## Task goal
Only the pictures should be left out; repeat the rest of the data exactly.

## Input data
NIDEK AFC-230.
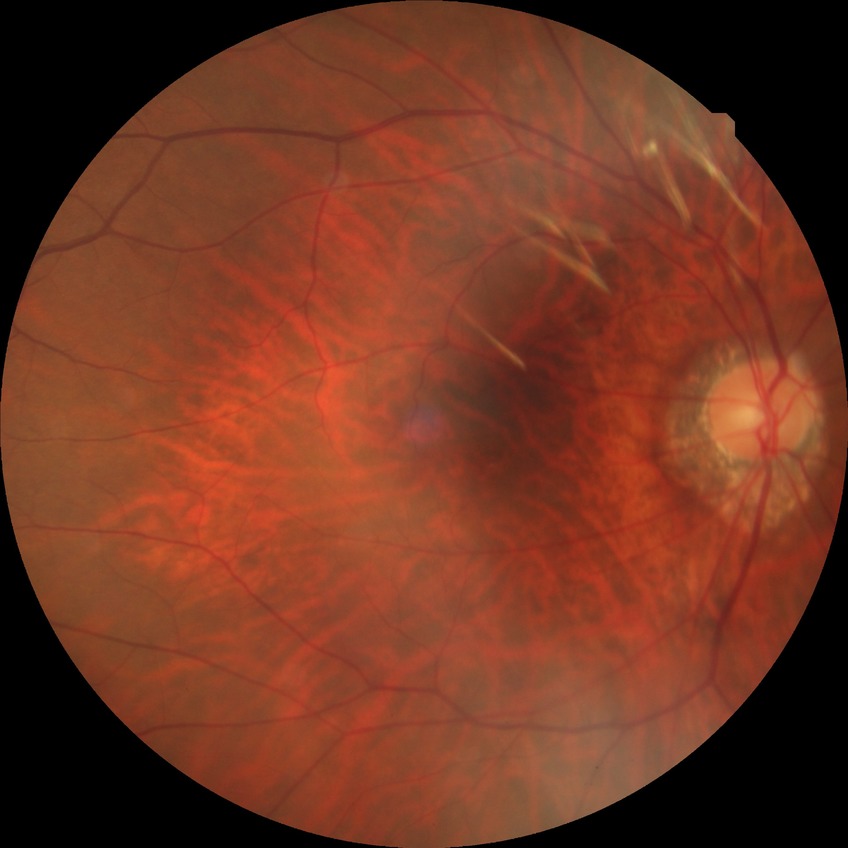 {
  "davis_grade": "no diabetic retinopathy"
}

## Task response
NIDEK AFC-230.
 {
  "davis_grade": "no diabetic retinopathy"
}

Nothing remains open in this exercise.